TASK TO COMPLETE:
The result should be every line in the material below containing the string "outdoors".

____________________

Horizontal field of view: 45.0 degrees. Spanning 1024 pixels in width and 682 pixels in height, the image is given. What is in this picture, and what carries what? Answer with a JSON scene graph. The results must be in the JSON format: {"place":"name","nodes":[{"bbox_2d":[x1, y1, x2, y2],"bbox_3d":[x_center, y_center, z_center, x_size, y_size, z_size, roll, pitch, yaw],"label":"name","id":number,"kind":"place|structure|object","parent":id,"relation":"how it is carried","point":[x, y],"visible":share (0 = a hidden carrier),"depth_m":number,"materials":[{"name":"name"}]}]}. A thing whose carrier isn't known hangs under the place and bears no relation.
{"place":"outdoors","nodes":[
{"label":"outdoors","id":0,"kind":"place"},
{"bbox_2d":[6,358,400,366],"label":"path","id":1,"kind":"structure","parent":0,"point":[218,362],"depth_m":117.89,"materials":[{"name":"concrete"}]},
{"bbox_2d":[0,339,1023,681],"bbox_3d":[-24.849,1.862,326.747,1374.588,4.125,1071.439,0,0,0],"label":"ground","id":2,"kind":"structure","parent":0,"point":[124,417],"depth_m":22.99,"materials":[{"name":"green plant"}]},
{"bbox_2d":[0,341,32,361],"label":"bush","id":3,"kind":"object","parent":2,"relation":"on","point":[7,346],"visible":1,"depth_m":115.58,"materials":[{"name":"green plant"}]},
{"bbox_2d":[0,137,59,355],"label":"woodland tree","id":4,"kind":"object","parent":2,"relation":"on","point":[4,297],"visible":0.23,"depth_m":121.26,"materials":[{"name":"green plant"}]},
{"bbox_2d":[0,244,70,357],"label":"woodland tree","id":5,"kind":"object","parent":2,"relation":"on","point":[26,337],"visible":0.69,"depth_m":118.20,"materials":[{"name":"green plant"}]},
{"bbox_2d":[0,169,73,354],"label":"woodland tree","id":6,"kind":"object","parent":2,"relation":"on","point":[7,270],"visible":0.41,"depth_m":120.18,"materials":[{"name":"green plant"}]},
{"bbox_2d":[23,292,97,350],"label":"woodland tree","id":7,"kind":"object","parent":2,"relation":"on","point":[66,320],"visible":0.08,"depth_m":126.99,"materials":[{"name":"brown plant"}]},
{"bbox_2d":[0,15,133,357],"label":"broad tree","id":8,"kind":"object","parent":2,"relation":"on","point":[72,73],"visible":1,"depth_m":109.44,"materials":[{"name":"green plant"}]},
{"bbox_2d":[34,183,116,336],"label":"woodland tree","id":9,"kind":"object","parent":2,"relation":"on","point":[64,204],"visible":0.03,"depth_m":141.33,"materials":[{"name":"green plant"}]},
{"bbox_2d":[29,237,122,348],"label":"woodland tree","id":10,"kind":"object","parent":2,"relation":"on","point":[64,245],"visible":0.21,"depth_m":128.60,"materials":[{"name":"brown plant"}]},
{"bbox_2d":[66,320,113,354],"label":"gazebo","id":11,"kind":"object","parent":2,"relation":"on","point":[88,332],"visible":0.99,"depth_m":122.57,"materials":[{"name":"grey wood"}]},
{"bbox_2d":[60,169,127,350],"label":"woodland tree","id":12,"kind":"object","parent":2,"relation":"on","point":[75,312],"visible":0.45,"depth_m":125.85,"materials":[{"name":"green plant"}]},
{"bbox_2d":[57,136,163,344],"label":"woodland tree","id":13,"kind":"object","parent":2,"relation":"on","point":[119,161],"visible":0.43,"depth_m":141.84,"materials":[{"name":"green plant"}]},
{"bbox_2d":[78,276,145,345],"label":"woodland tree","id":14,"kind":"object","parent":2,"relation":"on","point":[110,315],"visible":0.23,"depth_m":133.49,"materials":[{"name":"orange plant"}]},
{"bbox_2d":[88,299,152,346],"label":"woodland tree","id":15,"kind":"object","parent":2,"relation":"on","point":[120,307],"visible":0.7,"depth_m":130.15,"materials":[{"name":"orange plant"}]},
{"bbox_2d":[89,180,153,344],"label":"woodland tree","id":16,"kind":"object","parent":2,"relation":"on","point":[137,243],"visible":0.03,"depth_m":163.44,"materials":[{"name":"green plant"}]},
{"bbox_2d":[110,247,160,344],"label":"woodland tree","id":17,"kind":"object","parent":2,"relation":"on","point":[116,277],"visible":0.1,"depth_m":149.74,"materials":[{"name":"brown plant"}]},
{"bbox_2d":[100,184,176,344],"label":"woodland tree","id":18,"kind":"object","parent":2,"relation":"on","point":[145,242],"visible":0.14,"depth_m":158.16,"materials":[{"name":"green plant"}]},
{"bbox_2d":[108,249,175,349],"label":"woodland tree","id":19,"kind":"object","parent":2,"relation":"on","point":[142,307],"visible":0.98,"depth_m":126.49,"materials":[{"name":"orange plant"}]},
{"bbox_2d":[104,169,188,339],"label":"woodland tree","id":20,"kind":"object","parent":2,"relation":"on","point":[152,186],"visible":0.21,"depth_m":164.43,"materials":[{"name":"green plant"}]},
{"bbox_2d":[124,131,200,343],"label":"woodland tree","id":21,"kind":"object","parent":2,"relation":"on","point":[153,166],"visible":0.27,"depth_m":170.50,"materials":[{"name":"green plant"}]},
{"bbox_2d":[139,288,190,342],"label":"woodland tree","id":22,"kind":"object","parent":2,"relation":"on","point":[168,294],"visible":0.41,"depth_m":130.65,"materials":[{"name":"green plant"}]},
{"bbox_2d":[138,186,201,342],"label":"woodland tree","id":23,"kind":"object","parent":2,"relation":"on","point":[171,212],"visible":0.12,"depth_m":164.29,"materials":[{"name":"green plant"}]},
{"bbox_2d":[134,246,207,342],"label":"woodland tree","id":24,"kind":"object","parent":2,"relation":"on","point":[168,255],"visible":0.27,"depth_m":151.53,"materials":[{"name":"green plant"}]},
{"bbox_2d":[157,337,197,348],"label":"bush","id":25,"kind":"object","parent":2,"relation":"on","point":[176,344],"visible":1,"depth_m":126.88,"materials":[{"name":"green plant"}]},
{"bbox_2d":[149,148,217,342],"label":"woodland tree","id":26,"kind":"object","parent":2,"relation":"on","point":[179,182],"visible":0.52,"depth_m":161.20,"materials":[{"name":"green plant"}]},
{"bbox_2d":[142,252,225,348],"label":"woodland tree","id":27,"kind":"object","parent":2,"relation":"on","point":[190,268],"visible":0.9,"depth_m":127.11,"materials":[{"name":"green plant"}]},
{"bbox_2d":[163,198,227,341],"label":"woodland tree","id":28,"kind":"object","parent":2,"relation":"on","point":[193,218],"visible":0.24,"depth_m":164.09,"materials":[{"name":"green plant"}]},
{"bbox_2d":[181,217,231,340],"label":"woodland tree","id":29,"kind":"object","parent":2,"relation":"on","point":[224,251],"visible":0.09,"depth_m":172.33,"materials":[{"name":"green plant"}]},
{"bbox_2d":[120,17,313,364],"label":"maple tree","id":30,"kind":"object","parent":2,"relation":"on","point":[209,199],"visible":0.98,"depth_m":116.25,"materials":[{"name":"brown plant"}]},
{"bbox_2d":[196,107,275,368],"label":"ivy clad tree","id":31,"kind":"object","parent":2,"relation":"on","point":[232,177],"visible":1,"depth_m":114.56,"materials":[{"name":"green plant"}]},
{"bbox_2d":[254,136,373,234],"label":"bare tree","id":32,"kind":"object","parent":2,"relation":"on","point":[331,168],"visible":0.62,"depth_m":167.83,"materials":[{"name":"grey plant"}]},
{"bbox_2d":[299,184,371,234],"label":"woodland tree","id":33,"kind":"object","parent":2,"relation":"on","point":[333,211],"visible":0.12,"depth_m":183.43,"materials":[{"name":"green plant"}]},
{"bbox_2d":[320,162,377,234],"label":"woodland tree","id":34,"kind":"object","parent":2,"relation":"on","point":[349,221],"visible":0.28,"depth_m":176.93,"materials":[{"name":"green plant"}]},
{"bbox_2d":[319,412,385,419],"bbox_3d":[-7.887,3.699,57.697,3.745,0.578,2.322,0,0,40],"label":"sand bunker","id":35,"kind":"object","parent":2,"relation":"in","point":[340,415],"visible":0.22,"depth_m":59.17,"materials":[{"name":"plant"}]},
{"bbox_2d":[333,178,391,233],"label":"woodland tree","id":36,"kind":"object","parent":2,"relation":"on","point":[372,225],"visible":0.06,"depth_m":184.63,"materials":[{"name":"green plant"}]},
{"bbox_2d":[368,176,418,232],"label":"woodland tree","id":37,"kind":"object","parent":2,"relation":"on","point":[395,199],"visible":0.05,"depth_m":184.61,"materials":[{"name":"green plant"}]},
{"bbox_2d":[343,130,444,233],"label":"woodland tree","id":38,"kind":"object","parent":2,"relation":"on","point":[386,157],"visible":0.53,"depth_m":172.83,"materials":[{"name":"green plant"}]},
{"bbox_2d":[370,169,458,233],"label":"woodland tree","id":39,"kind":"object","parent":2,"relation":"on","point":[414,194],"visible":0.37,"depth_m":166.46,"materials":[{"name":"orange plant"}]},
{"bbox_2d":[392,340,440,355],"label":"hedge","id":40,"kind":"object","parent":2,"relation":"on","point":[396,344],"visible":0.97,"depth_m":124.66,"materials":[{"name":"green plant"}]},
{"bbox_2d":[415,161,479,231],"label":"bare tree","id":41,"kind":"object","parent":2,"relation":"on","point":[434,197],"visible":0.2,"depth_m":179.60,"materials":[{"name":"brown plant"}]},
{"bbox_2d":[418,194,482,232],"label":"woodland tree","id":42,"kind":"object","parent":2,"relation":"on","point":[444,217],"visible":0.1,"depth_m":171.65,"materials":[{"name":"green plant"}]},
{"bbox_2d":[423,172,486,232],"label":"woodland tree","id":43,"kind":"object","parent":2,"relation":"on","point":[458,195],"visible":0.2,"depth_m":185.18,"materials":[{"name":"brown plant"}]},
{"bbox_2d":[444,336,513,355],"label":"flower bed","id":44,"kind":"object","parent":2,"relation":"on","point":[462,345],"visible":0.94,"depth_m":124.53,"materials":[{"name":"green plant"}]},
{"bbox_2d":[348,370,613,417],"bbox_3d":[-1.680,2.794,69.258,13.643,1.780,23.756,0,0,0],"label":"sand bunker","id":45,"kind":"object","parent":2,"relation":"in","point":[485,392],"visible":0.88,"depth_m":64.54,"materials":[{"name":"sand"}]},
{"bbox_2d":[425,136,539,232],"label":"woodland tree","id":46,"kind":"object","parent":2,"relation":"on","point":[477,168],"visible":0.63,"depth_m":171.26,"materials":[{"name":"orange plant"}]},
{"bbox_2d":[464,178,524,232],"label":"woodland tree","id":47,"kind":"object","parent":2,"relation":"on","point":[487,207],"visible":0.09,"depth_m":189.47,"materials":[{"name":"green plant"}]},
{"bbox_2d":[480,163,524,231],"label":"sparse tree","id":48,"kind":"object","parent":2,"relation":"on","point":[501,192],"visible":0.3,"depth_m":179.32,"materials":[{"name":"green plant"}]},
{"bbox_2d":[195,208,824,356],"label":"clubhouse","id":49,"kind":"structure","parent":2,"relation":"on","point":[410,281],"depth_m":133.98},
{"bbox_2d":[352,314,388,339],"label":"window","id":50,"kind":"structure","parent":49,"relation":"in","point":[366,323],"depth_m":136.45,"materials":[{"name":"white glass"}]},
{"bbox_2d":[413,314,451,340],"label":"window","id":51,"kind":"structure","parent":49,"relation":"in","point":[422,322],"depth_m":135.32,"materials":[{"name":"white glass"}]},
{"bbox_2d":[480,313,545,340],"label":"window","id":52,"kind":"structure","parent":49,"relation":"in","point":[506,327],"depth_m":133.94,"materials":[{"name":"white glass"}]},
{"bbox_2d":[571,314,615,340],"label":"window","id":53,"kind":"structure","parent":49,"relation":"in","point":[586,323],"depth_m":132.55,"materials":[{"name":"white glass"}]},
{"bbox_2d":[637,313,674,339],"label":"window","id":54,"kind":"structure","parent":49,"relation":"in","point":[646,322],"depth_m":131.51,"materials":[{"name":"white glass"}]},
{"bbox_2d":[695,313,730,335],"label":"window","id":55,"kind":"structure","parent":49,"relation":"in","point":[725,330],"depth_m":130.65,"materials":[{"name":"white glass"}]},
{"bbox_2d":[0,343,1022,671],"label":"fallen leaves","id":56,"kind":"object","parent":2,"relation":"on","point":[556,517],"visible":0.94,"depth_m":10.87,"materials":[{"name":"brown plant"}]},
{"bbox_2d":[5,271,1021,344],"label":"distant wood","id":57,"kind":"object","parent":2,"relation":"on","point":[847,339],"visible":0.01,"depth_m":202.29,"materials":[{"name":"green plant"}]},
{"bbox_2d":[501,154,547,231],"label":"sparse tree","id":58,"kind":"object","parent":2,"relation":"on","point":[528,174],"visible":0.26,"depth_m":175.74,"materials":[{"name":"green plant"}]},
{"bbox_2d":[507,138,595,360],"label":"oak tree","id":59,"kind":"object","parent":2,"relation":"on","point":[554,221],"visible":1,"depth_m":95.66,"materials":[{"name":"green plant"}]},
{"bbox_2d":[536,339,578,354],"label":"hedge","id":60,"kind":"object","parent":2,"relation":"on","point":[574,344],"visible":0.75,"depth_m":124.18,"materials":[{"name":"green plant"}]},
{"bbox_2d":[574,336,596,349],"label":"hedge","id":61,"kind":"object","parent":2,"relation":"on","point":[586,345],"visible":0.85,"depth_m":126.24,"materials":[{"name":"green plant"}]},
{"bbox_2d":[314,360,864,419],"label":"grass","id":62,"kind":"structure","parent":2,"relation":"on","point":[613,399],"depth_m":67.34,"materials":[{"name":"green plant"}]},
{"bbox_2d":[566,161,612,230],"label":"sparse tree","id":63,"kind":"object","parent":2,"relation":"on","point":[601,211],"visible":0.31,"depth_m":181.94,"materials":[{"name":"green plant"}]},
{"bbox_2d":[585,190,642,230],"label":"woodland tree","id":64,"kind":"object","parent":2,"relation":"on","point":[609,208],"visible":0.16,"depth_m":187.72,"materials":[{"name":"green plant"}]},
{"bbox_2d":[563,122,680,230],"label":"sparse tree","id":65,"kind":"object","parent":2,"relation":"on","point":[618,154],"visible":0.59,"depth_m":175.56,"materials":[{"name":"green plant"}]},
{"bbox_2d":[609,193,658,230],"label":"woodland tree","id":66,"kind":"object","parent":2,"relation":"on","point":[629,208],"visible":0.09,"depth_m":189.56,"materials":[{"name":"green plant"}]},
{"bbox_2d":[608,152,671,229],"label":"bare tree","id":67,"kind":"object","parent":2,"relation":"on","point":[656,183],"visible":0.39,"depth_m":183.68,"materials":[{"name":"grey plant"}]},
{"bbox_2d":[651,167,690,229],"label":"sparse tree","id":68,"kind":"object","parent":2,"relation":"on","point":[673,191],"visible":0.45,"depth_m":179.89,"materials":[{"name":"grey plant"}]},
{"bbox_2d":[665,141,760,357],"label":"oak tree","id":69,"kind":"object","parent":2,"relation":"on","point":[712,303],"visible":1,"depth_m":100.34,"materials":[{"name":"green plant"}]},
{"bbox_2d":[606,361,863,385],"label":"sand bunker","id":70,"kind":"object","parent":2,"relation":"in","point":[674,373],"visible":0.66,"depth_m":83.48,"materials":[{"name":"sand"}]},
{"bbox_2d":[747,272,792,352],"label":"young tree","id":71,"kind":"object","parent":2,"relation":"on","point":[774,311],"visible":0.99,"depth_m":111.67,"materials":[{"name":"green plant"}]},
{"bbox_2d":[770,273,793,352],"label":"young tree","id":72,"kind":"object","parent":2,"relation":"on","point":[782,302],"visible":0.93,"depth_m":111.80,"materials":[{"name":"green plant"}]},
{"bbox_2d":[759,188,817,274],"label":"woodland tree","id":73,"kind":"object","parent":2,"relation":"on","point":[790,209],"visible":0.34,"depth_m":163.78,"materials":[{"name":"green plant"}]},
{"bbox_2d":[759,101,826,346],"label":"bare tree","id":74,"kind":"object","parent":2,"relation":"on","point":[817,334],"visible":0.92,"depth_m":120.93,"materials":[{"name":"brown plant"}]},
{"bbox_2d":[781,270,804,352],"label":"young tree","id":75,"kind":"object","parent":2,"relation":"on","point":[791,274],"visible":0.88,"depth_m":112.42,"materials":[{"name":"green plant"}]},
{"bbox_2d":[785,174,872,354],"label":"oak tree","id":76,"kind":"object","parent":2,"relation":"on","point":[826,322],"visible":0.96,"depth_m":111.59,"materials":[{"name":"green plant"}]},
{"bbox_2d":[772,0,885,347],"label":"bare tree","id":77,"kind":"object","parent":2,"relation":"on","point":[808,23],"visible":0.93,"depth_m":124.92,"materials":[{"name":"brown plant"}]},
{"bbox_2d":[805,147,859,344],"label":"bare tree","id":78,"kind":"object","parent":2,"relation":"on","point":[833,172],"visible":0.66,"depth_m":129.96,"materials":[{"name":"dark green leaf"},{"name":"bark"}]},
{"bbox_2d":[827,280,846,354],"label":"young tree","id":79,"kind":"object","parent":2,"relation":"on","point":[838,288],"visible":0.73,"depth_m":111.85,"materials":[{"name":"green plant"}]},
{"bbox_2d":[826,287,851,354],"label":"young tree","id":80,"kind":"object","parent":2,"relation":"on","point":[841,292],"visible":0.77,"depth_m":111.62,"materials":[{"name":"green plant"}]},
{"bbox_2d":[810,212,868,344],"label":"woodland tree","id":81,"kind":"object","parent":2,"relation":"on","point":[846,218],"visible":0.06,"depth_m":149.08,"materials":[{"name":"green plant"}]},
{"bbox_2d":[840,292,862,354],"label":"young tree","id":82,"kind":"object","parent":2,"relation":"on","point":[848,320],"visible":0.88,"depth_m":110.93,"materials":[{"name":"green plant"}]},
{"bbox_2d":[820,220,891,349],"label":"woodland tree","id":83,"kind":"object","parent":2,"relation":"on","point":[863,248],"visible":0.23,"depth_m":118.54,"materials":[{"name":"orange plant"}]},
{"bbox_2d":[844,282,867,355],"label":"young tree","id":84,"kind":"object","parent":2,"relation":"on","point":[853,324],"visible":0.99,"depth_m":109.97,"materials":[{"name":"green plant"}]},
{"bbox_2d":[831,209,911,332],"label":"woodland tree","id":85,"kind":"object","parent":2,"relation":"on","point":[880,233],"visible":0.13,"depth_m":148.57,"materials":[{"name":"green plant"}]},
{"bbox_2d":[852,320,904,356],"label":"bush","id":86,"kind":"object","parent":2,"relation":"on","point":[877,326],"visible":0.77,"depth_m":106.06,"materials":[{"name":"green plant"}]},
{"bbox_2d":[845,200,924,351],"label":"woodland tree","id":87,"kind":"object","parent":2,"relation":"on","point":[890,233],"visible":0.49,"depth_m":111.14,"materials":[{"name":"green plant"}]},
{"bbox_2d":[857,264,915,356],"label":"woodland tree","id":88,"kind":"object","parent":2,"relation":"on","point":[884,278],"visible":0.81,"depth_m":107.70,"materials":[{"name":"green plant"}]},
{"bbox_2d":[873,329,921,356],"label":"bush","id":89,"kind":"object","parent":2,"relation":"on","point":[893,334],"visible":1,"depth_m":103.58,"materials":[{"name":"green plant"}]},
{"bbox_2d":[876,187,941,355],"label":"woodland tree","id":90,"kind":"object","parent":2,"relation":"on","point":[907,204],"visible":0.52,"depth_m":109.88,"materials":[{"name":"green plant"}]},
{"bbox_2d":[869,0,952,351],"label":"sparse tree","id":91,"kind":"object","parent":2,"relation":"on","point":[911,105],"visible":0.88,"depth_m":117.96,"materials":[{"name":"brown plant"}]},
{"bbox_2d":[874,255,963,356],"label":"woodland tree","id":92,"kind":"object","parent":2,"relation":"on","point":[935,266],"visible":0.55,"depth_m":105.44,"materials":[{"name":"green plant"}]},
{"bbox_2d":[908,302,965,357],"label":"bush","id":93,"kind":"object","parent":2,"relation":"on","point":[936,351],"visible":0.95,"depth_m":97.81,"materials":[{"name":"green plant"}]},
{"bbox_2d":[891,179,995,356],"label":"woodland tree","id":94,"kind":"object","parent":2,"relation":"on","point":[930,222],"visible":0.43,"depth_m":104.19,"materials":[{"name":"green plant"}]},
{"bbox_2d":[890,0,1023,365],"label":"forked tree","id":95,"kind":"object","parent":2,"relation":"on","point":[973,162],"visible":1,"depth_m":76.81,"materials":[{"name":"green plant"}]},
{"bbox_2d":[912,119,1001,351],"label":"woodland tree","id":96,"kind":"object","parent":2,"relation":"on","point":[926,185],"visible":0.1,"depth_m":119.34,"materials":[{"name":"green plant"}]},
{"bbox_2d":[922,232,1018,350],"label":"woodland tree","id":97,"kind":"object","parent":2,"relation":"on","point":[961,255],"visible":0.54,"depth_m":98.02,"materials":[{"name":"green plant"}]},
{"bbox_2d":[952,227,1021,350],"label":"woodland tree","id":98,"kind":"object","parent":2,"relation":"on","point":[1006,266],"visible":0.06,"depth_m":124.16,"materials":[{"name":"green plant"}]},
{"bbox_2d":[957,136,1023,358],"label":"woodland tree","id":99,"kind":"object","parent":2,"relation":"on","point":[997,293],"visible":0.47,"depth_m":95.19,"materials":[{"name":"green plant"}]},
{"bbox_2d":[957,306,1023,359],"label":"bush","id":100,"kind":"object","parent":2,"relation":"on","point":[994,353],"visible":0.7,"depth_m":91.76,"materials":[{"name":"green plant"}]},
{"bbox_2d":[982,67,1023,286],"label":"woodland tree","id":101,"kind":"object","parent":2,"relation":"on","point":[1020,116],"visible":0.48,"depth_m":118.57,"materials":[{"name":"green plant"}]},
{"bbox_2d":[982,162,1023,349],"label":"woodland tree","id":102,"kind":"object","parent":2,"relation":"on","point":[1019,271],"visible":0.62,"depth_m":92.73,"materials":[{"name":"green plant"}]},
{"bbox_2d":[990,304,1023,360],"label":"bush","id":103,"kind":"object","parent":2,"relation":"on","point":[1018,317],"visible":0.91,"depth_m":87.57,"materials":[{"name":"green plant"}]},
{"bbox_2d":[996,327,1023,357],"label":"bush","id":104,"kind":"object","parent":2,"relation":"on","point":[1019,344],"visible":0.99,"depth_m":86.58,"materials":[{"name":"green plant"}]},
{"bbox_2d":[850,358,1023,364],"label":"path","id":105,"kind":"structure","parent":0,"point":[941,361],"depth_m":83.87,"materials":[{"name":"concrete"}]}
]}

____________________

OUTPUT OF THE TASK:
{"place":"outdoors","nodes":[
{"label":"outdoors","id":0,"kind":"place"},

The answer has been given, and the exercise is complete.